Not going to lie: I am the absolute worst at journaling.

Not the absolute worst, maybe; I do manage to have some posts, sometimes. But keeping it up is a habit, and I’ve never had much skill with those. And, honestly, I rather expect this to end up going the same way most of my attempts do: sporadic bursts of SHARING ALL THE THINGS and then nothing at all.

This pattern does exist for a reason. It is a reason I am developing both a growing acceptance of, bewilderment about, and some amount of weary… not quite resentment, not quite anger, but something between them towards it, with just a dash of resignation. Not, however, resignation about results. I know what to do and how to move forward, and I think I have some chance of doing so for the first time in quite literally more years than I am certain of anymore.

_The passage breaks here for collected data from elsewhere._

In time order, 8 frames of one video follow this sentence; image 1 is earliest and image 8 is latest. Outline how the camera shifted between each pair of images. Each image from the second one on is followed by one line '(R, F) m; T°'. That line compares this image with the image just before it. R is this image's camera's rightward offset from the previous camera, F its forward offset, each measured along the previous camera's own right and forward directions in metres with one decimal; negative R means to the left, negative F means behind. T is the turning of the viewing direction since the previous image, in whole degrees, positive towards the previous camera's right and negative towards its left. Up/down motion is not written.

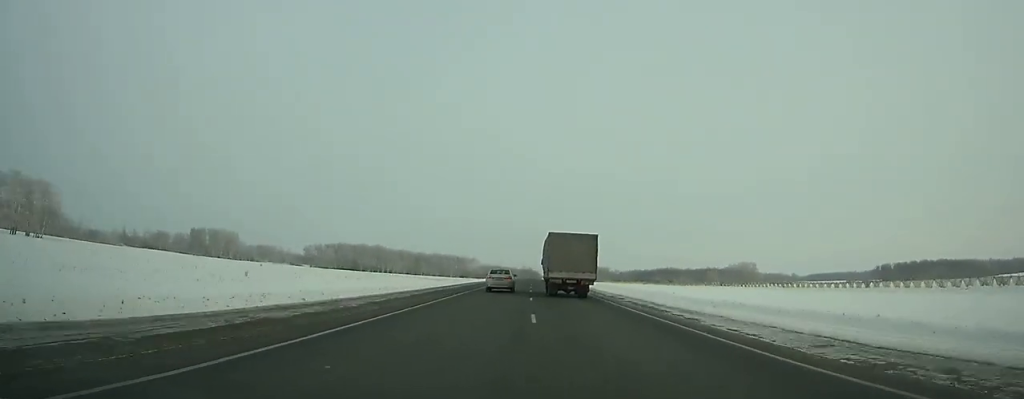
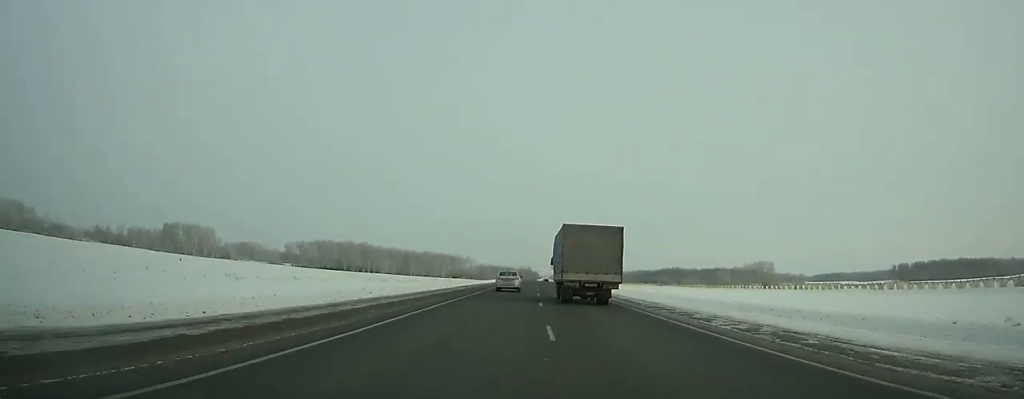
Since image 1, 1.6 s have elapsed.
(+0.2, +41.2) m; 0°
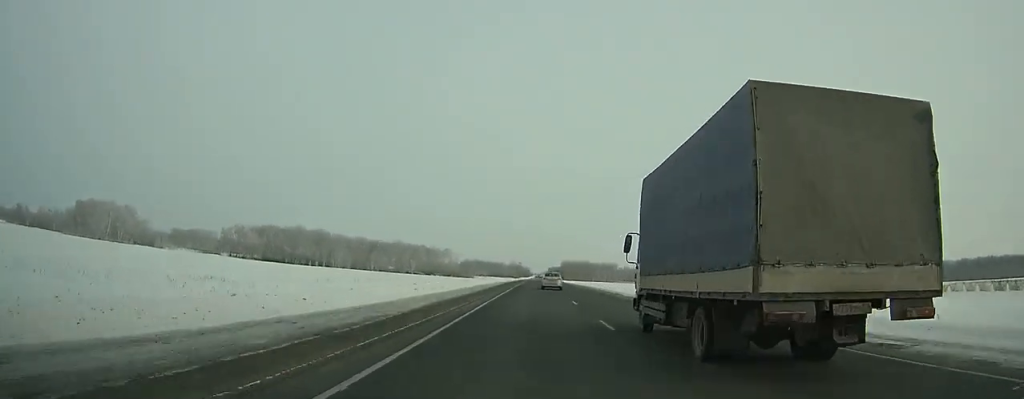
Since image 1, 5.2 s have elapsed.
(+0.5, +95.9) m; +1°
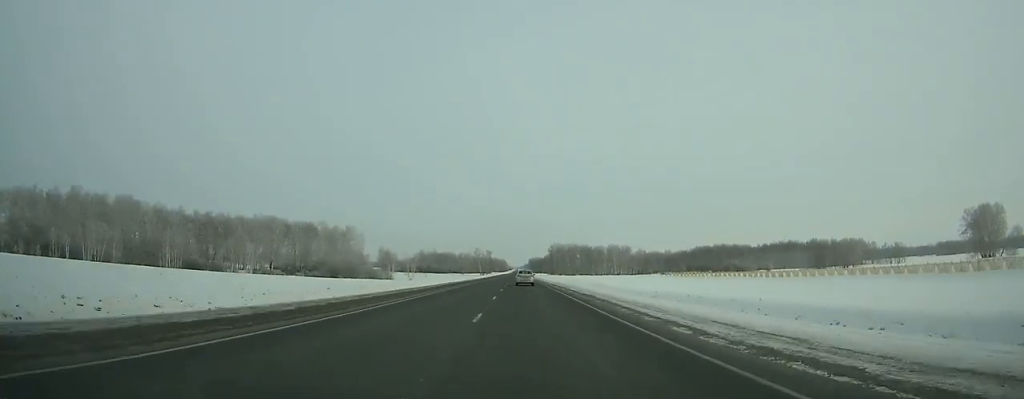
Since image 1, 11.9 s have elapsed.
(+5.4, +189.5) m; +2°
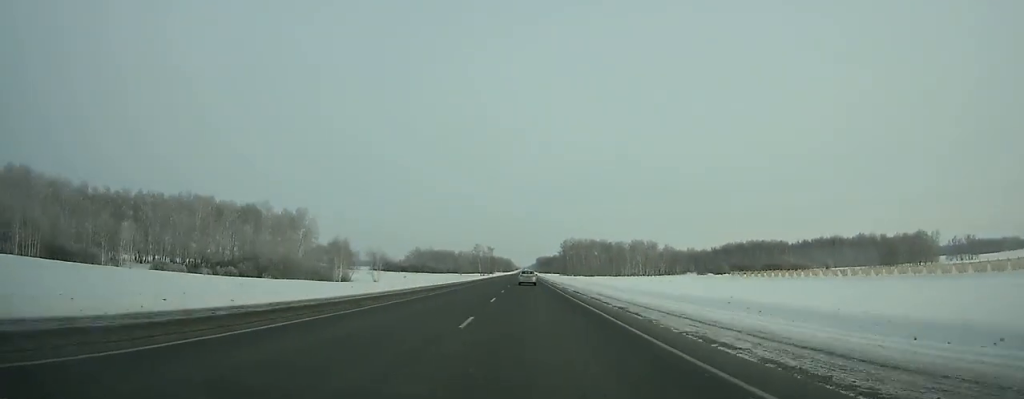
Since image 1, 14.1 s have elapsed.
(-0.4, +63.0) m; 0°
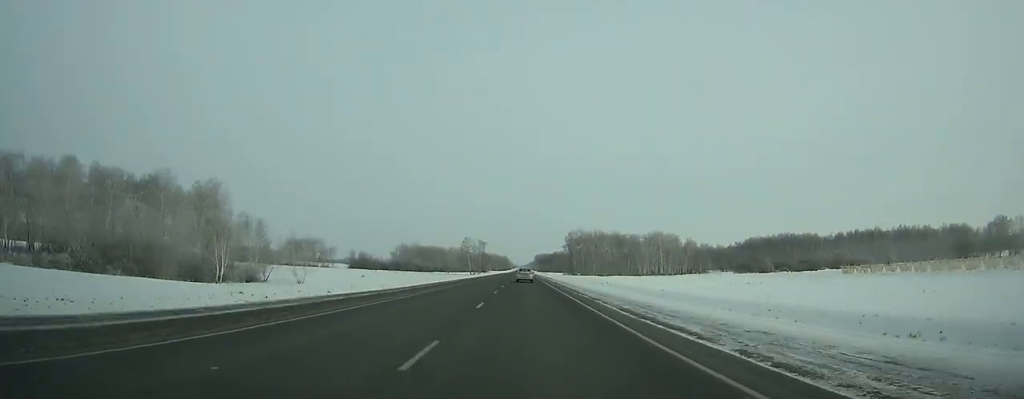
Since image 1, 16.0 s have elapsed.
(-0.1, +53.8) m; 0°
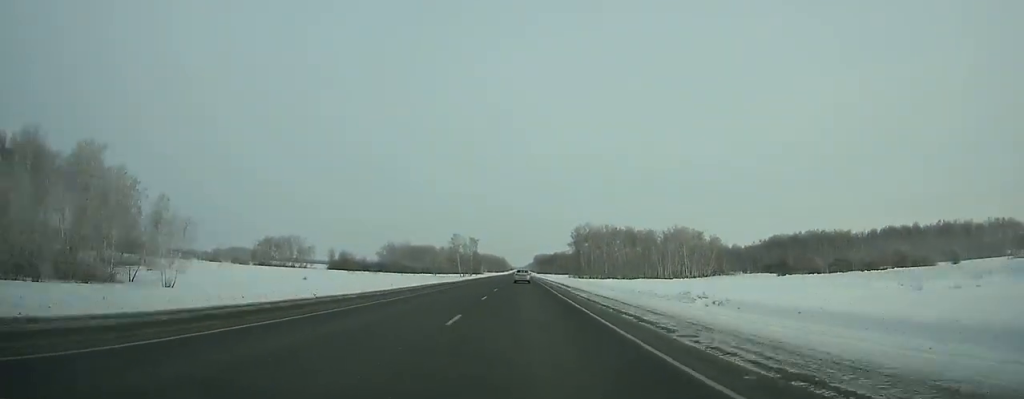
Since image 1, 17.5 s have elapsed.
(0.0, +42.4) m; 0°
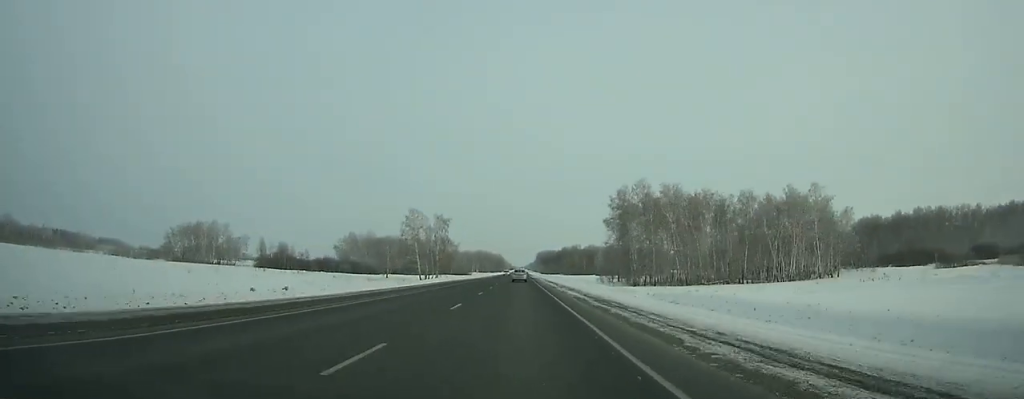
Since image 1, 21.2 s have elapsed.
(+0.1, +101.9) m; 0°

My dad suggested I write about what happened to me, because whenever I describe it to him, he’s fascinated and learns more. The last time I kept any kind of online journal, I kind of avoided going into it because I really was not at a point where I felt comfortable going into it. I’m starting to. And I think maybe it’s time to go ahead and have something out there, because why not.

This is my space. This will mean two things. First, I will be writing a lot about mental health, but I will also write about pretty much whatever I feel like. There will be a lot on books, games, things that catch my eye in general. Second, I will moderate it as I see fit. If you are reading it and have concerns about its safety, send me a message. I want this to be a place of acceptance and openness. If you disagree with me, someone else, or something, you may–but be aware I 100% reserve the right to punt nastiness out a window.

The last time I approached this–a little under three and a half years ago, it looks like–I wrote an information post. A lot of it is still relevant.

I’m giving this ‘has a blog-journal’ thing another go.

I am thoroughly—even painfully—aware that I am unlikely to make it work. There are any number of reasons (first and foremost, of course, being empirical evidence). But it has been repeatedly observed that I work best with a schedule, and maybe if I can actually force myself to write a little every day, non-attempt-at-fiction, it’ll help my brain.

This was not my idea, originally. I got a journal partly to play with, post and share writing with, and mostly to follow the lead of a loved one. Once that wasn’t a concern, my regularity eventually dropped off. I haven’t posted in something approaching two years, and then mere trivialities. This time it needs to be for me. I am known among my friends for my loquaciousness, not being afraid to say what I think, and (if I’m in the mood) refusing to let go of an argument until I win or it dies a savage, bloody death. I’m not sure why I don’t write, ‘speak’ all those random thoughts ‘out loud,’ as it were. Maybe I should.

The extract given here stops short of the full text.